Here is another one by Billy Holiday, with some of the great players of jazz:
One reason to show it, for me, is that I like this music, and this is jazz - but in a very much more palatable form than the jazz I was first exposed to in 1965-67, which was mostly freaky sounding music much influenced by hard drugs, that I did not like at all - I mean the music: about its being influenced by hard drugs I then had no idea - which for quite a long time misled me about jazz music.

Finally, an even older song, namely from 1923, unfortunately without video:
This is sung by another black woman with an amazing voice, who also died young.

One reason to list this last song here is that I like it, and that I first heard it in the 1960ies; another reason is that people with ME/CFS should be able to recognize the sentiments: "So it goes..."

The lyrics follow, with a link to the place I found them, but with two corrections by me, and the remark that the lyrics seem to have been Betty Smith's - they surely are not Eric Clapton's or Nina Simone's, to whom I have also seen them attributed:
Nobody knows you when you down and out

Once I lived the life of a millionaire,
spending my money, I didn't care
I carried my friends out for a good time,
buying bootleg liquor, champagne and wine

When I began to fall so low,
I didn't have a friend, and no place to go
So if I ever get my hand on a dollar again,
I'm gonna hold on to it till them eagle's grin

Nobody knows you when you down and out
In my pocket not one penny,
and my friends I haven't any
But if I ever get on my feet again,
then I'll meet my long lost friend
It's mighty strange, without a doubt
Nobody knows you when you down and out
I mean when you down and out

Mmmmm, when you're down and out,
mmmmm, not one penny
And my friends I haven't any,
mmmmm, well I felt so low
Nobody wants me round their door,
mmmmm, without a doubt,
No man can use you when you down and out
I mean when you down and out
3. More updating

As I said yesterday, I still have to finish the updating of Nederlog. I'll do my best, but probably will not be able to finish it today. When I have finished, I will mention it in Nederlog.


Maarten Maartensz

P.S. My eye problems

There will be a new PS, probably with another name. In any case, the eye problems are diagnosed
as keratoconjunctivitis sicca, quite possibly as a part of Sjoegren's syndrome, which is a fairly common complication of ME/CFS, but also exists independently from ME/CFS.

[*] And let me make "an elitarian remark", that is directed at the few with good brains: If your IQ is over 130 or 140 - if you really are 1 in a 100 or 1 in a 1000 or better as regards intellectual abilities - and you are interested in exercising your mind, do not get taken in by the judgments of those who surround you, for those who are not as intelligent as you are do not have your interests, and indeed are likely to lack the ability to fairly and properly judge the intellectually best.
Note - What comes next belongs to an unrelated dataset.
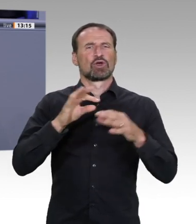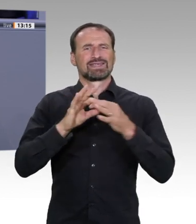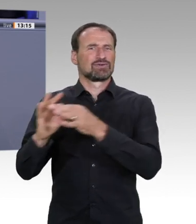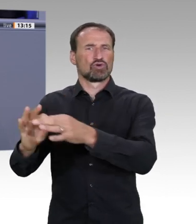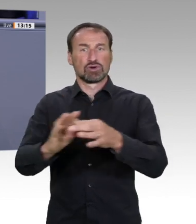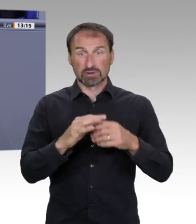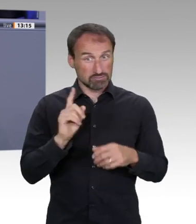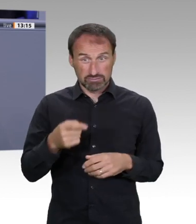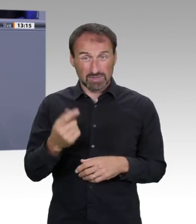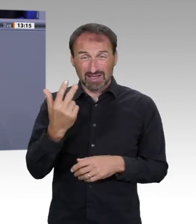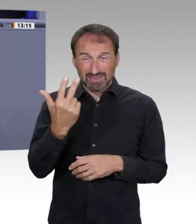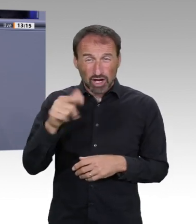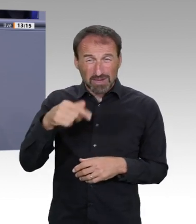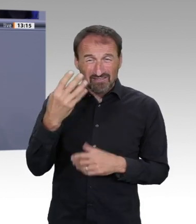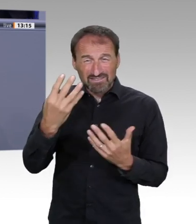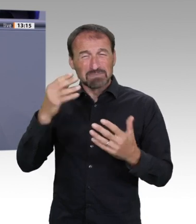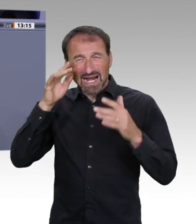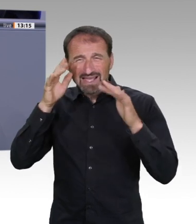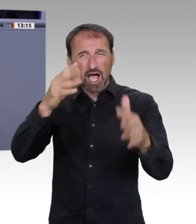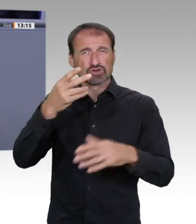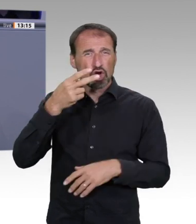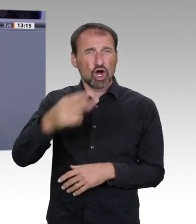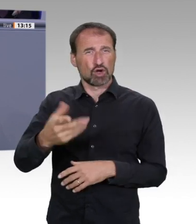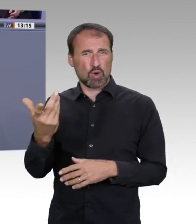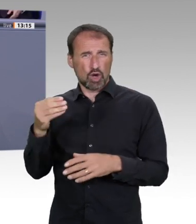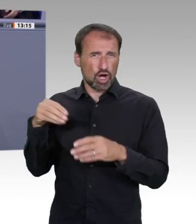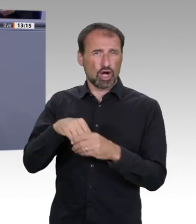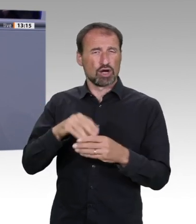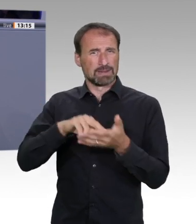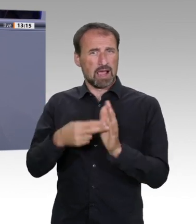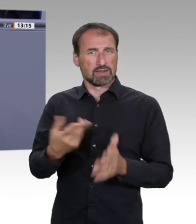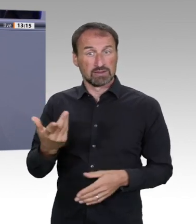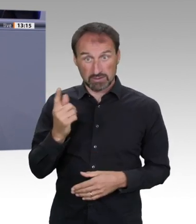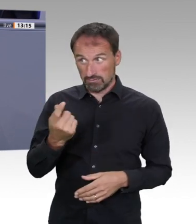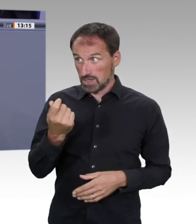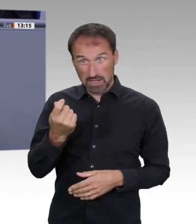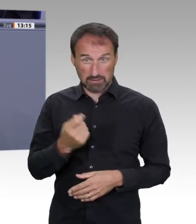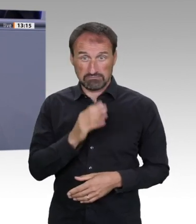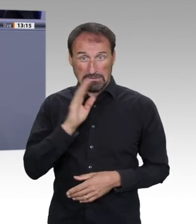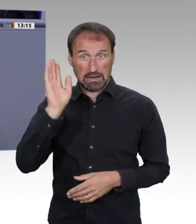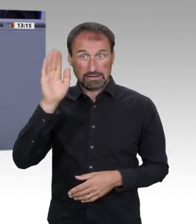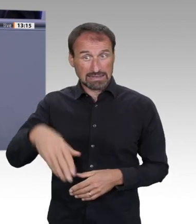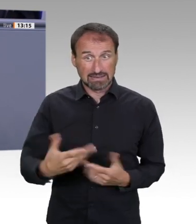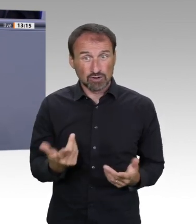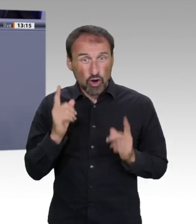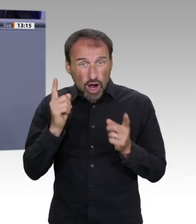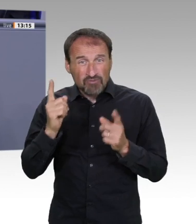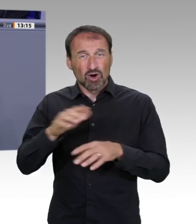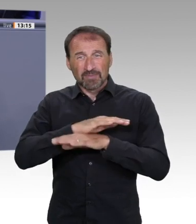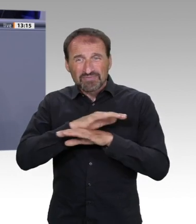dann laufen soll, in der gewünschten Zeit und Qualität überhaupt zur Verfügung stehen werden. Meine Damen und Herren von der Regierungsbank,

To make up your own mind on the great books the least you have to do is to try to read them - and this also may need some preparation, that may need some time to acquire, and that also may require a certain age. Thus, I only started to read the great historians - Herodotus, Thucydides, Machiavelli, Gibbon, Burckhardt - in my thirties, as I lacked the patience and background knowledge to do that properly in my early twenties.

                  PS: Any necessary corrections have to be made later.